----- Source information

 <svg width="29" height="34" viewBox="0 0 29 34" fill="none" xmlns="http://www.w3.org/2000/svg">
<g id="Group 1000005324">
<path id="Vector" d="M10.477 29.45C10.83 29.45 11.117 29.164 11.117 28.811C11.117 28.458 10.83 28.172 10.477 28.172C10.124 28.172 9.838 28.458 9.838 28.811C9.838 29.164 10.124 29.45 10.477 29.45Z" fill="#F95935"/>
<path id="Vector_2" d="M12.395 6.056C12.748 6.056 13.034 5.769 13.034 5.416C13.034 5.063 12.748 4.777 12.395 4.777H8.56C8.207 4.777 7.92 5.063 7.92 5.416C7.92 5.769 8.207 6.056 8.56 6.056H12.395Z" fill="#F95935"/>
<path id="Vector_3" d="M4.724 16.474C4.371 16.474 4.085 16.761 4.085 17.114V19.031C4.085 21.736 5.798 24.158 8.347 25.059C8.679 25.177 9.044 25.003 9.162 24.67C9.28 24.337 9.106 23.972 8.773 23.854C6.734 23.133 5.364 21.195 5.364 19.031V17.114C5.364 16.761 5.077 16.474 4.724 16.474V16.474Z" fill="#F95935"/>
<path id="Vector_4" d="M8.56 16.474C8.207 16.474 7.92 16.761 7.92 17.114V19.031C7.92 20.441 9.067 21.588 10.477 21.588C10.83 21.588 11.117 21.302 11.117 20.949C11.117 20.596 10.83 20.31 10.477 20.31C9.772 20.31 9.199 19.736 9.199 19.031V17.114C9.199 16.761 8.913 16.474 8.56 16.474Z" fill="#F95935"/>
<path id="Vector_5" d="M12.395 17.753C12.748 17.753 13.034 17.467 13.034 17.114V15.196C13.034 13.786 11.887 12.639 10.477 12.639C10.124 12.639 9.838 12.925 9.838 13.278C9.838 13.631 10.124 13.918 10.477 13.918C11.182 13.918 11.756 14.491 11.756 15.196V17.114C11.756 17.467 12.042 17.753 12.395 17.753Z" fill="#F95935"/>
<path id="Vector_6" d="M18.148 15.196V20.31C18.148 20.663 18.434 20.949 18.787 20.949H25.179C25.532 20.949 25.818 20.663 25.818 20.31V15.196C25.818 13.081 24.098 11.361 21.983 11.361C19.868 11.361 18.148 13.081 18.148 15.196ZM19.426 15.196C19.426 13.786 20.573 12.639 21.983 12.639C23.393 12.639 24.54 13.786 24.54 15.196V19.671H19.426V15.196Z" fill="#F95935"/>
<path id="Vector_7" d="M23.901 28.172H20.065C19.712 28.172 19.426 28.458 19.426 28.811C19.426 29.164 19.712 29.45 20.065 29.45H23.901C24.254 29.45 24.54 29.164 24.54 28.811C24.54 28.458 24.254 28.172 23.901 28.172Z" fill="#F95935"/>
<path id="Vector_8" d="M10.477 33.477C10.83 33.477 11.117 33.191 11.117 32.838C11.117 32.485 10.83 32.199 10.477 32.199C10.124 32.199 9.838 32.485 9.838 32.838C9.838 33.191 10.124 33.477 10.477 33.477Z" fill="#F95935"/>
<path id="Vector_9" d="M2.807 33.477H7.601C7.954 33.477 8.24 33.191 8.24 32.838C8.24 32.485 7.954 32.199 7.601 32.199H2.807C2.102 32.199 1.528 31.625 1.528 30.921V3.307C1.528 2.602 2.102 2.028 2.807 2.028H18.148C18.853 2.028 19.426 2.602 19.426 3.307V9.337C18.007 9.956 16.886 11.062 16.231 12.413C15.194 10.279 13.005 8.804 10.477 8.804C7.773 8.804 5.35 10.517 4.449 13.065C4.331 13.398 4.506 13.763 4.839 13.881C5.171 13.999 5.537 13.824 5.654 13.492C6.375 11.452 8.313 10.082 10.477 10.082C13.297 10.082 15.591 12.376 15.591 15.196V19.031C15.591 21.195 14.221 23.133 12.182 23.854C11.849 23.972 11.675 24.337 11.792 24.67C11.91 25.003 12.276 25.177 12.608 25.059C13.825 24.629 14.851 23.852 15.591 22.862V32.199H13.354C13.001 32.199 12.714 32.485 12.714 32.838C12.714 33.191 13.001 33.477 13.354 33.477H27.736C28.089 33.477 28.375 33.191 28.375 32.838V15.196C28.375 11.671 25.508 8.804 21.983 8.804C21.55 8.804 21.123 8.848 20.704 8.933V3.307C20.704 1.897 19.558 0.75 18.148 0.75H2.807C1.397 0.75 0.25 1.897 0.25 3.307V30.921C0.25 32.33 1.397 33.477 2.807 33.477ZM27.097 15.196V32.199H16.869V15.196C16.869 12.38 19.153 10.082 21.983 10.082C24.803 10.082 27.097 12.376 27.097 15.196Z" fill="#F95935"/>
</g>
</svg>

----------

*Task directions:*
Which lines should be output? Exactly those from the first line of the data through the line containing "16.474C4.371 16.474 4.085", inclusive.

*Task response:*
 <svg width="29" height="34" viewBox="0 0 29 34" fill="none" xmlns="http://www.w3.org/2000/svg">
<g id="Group 1000005324">
<path id="Vector" d="M10.477 29.45C10.83 29.45 11.117 29.164 11.117 28.811C11.117 28.458 10.83 28.172 10.477 28.172C10.124 28.172 9.838 28.458 9.838 28.811C9.838 29.164 10.124 29.45 10.477 29.45Z" fill="#F95935"/>
<path id="Vector_2" d="M12.395 6.056C12.748 6.056 13.034 5.769 13.034 5.416C13.034 5.063 12.748 4.777 12.395 4.777H8.56C8.207 4.777 7.92 5.063 7.92 5.416C7.92 5.769 8.207 6.056 8.56 6.056H12.395Z" fill="#F95935"/>
<path id="Vector_3" d="M4.724 16.474C4.371 16.474 4.085 16.761 4.085 17.114V19.031C4.085 21.736 5.798 24.158 8.347 25.059C8.679 25.177 9.044 25.003 9.162 24.67C9.28 24.337 9.106 23.972 8.773 23.854C6.734 23.133 5.364 21.195 5.364 19.031V17.114C5.364 16.761 5.077 16.474 4.724 16.474V16.474Z" fill="#F95935"/>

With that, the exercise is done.